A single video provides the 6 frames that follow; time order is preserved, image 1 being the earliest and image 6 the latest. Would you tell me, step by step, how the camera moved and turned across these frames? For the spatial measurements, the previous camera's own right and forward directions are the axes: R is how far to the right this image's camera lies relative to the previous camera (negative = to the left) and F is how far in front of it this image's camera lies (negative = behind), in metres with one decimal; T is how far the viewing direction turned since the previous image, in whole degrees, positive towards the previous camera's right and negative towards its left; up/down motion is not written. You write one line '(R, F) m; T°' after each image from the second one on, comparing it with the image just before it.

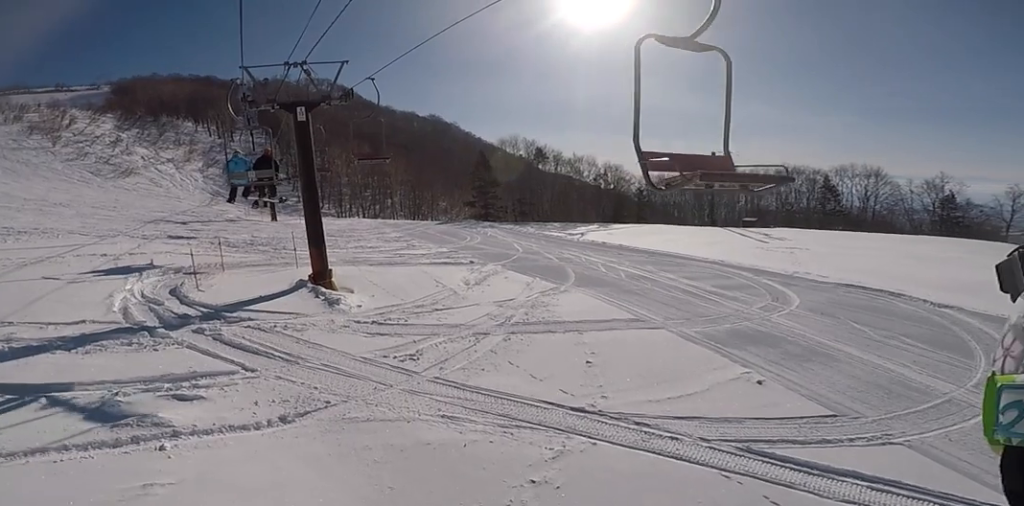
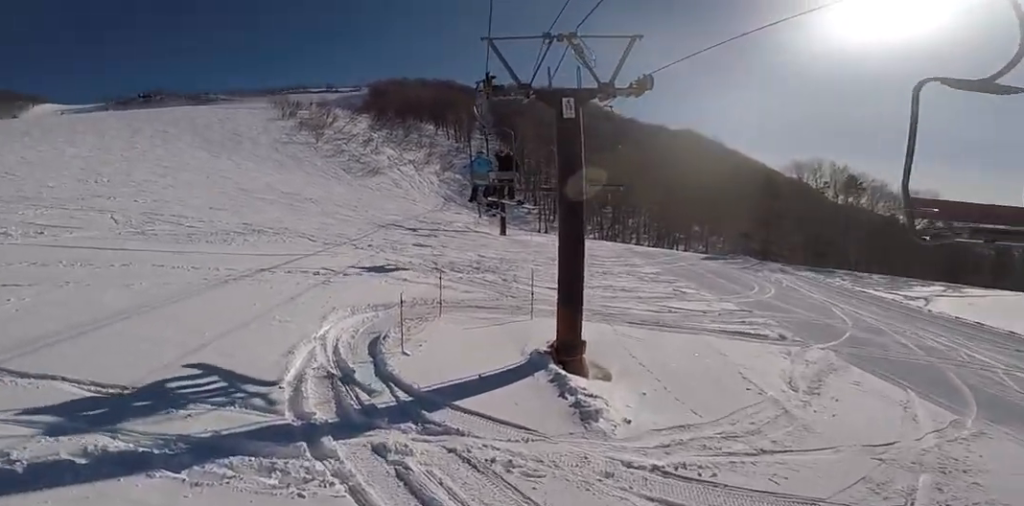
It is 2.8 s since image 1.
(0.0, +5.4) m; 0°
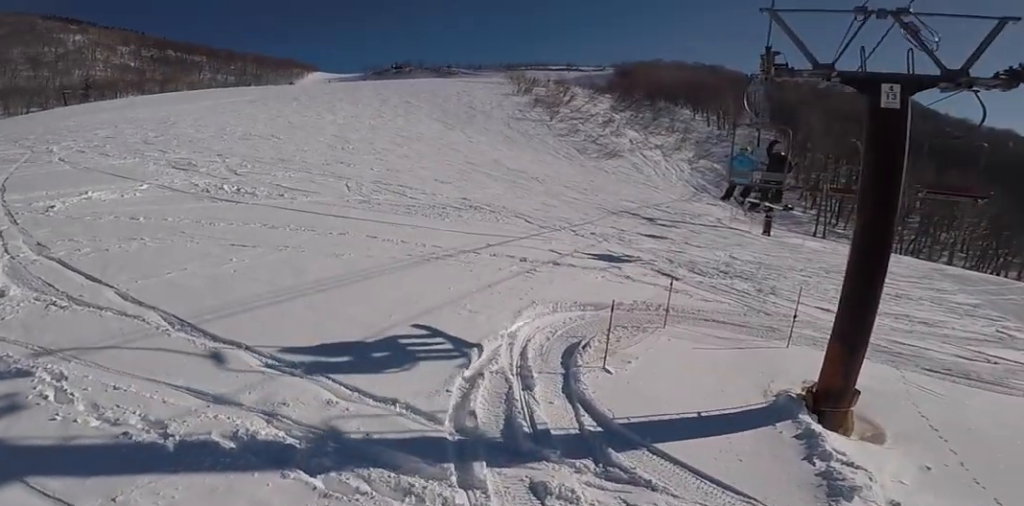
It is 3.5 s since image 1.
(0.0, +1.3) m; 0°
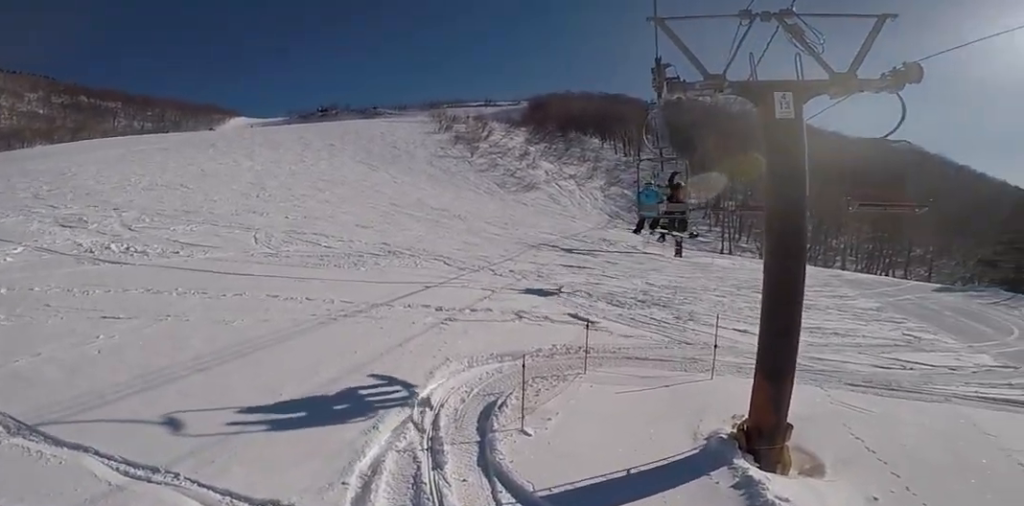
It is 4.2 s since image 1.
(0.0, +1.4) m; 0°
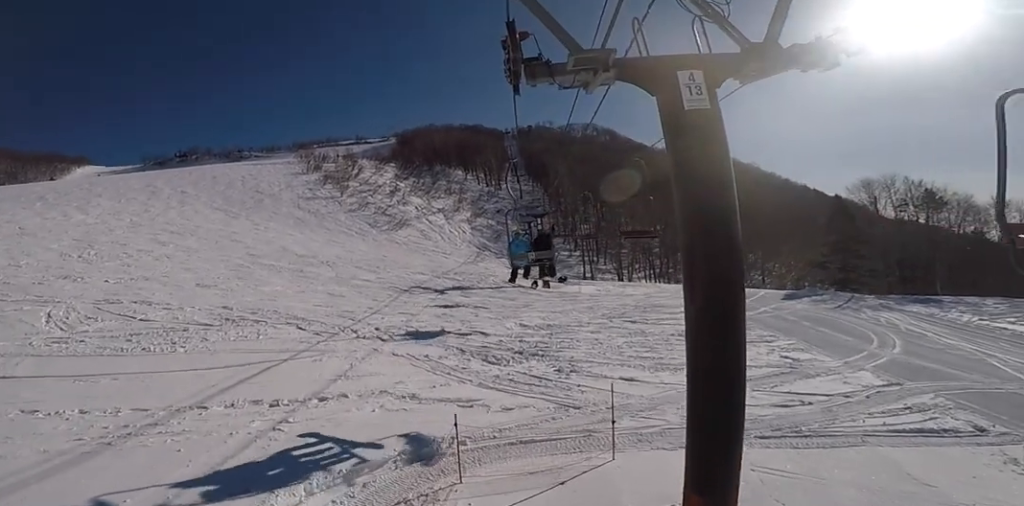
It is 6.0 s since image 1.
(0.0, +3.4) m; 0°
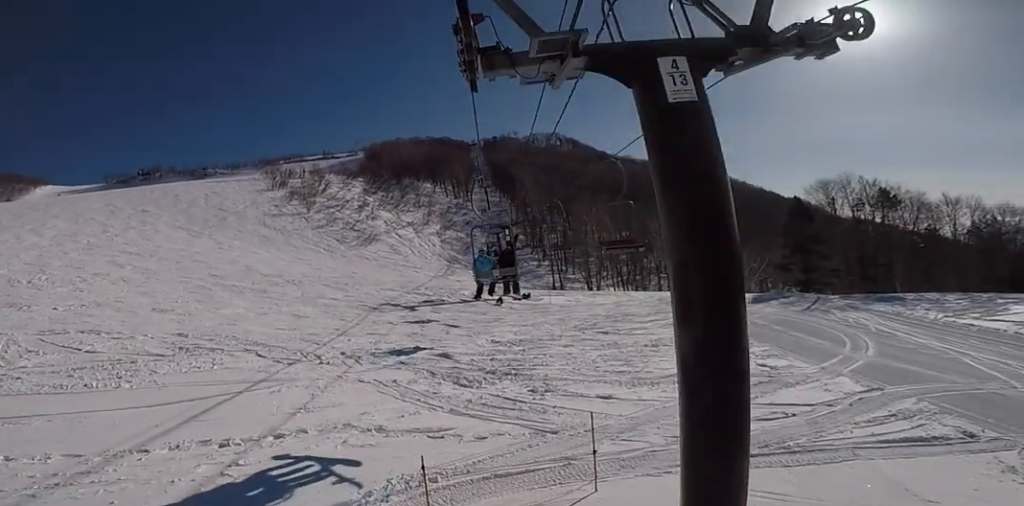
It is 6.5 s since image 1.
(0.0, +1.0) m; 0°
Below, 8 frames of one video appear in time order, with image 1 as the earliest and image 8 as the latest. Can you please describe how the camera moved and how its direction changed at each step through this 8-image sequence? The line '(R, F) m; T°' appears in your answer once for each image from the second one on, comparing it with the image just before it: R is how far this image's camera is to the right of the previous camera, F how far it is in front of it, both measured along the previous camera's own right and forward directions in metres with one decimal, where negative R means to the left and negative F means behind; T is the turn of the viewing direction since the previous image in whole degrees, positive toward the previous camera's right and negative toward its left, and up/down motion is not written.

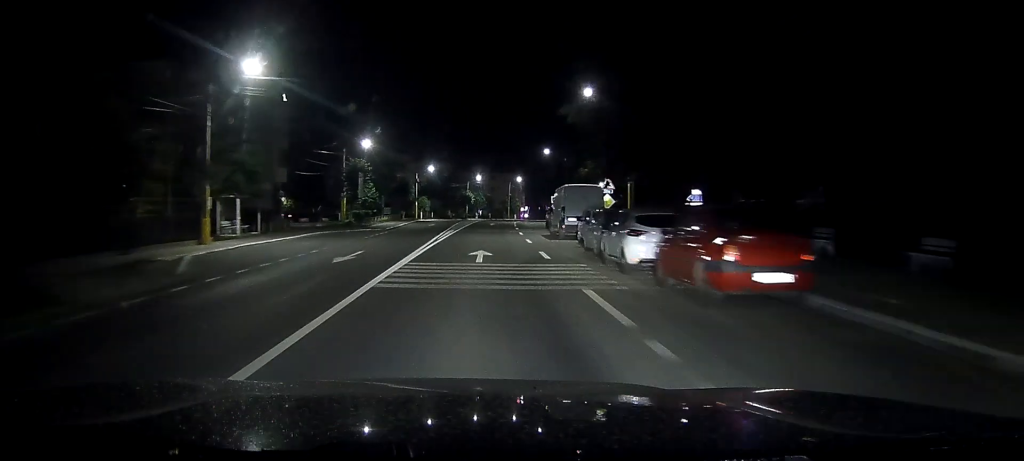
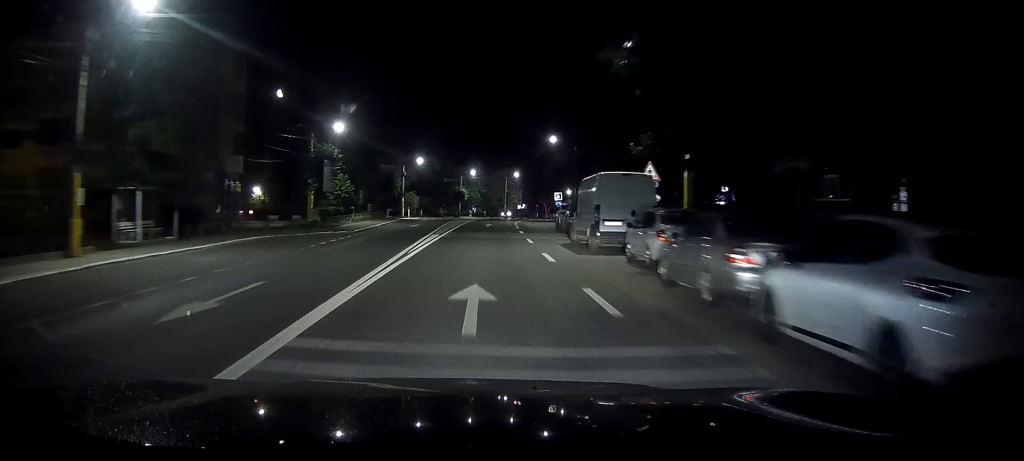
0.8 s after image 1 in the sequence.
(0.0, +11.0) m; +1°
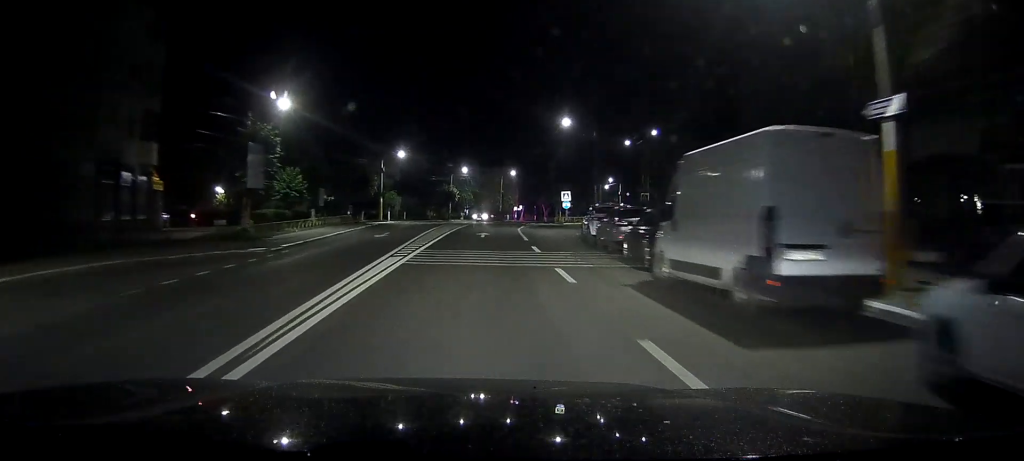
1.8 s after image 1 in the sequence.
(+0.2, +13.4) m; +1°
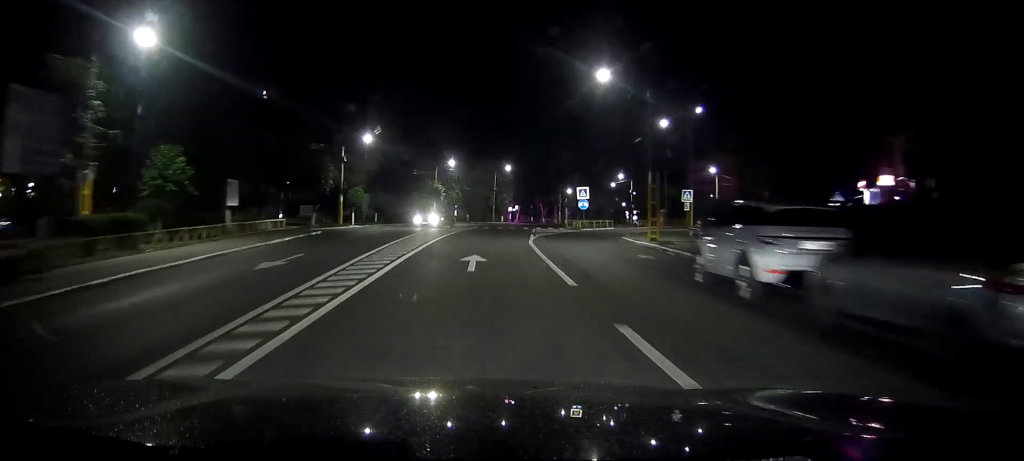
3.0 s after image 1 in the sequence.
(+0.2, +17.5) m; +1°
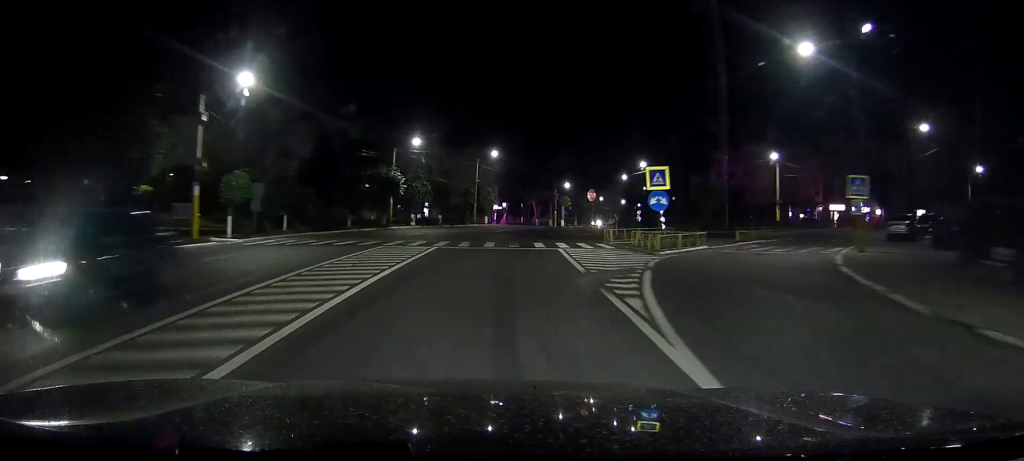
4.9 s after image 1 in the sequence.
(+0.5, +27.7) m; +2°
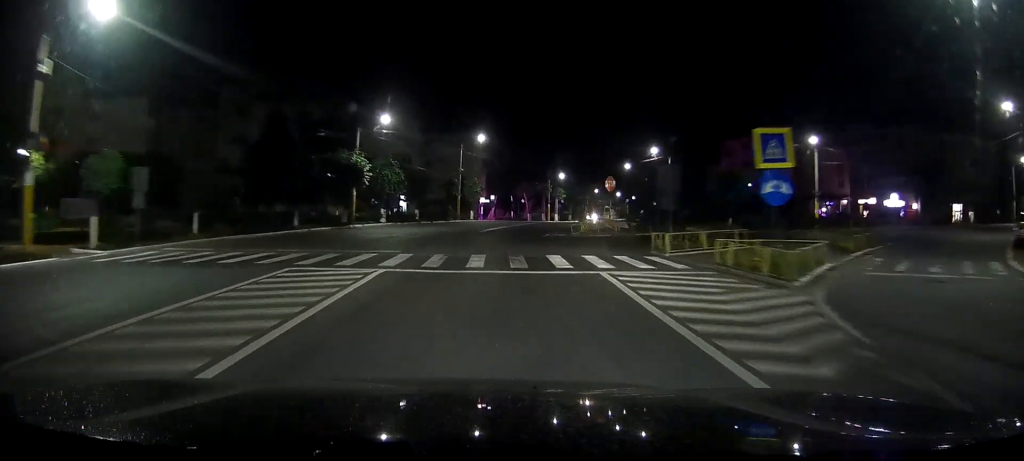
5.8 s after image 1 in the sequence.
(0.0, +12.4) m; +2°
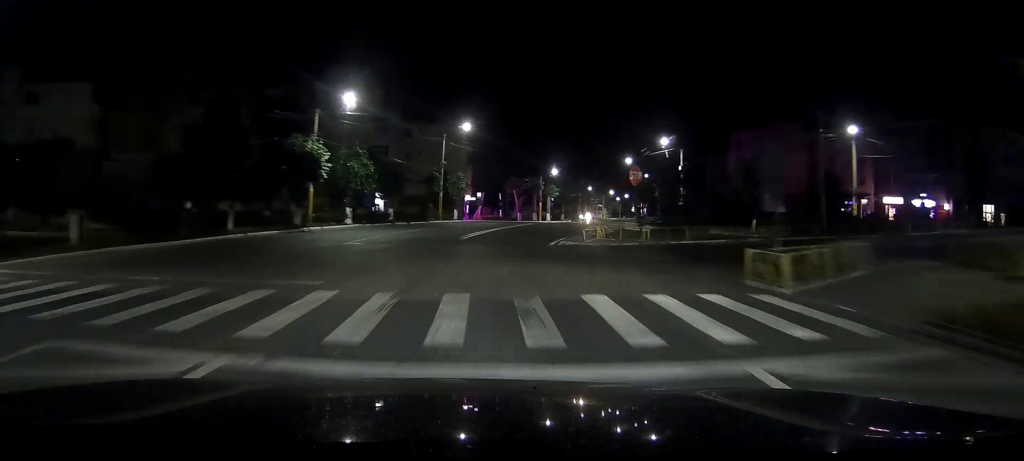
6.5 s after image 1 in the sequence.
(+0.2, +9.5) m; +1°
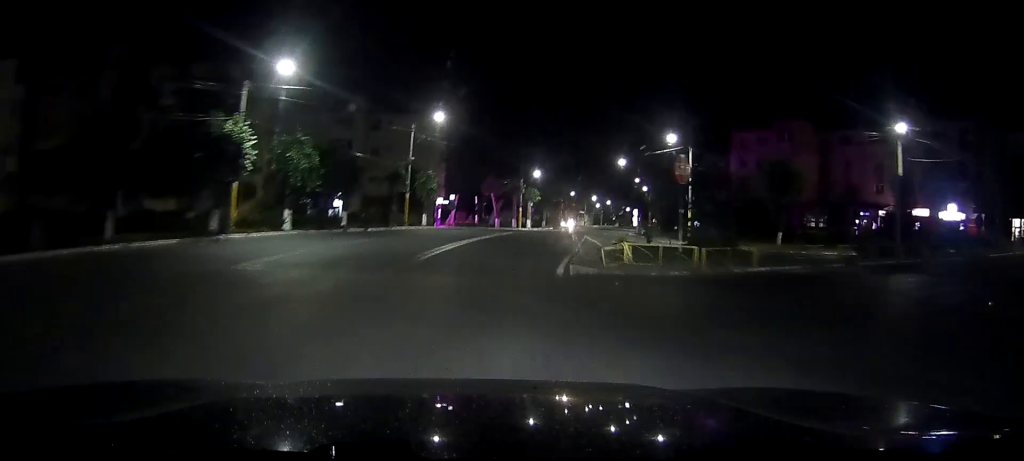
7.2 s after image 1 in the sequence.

Exercise requirements:
Set down word for word every line from the one containing "3.0 s after image 1 in the sequence." through the last line of the records above, both ends included. Leave out the pictures.

Reply to the task:
3.0 s after image 1 in the sequence.
(+0.2, +17.5) m; +1°
4.9 s after image 1 in the sequence.
(+0.5, +27.7) m; +2°
5.8 s after image 1 in the sequence.
(0.0, +12.4) m; +2°
6.5 s after image 1 in the sequence.
(+0.2, +9.5) m; +1°
7.2 s after image 1 in the sequence.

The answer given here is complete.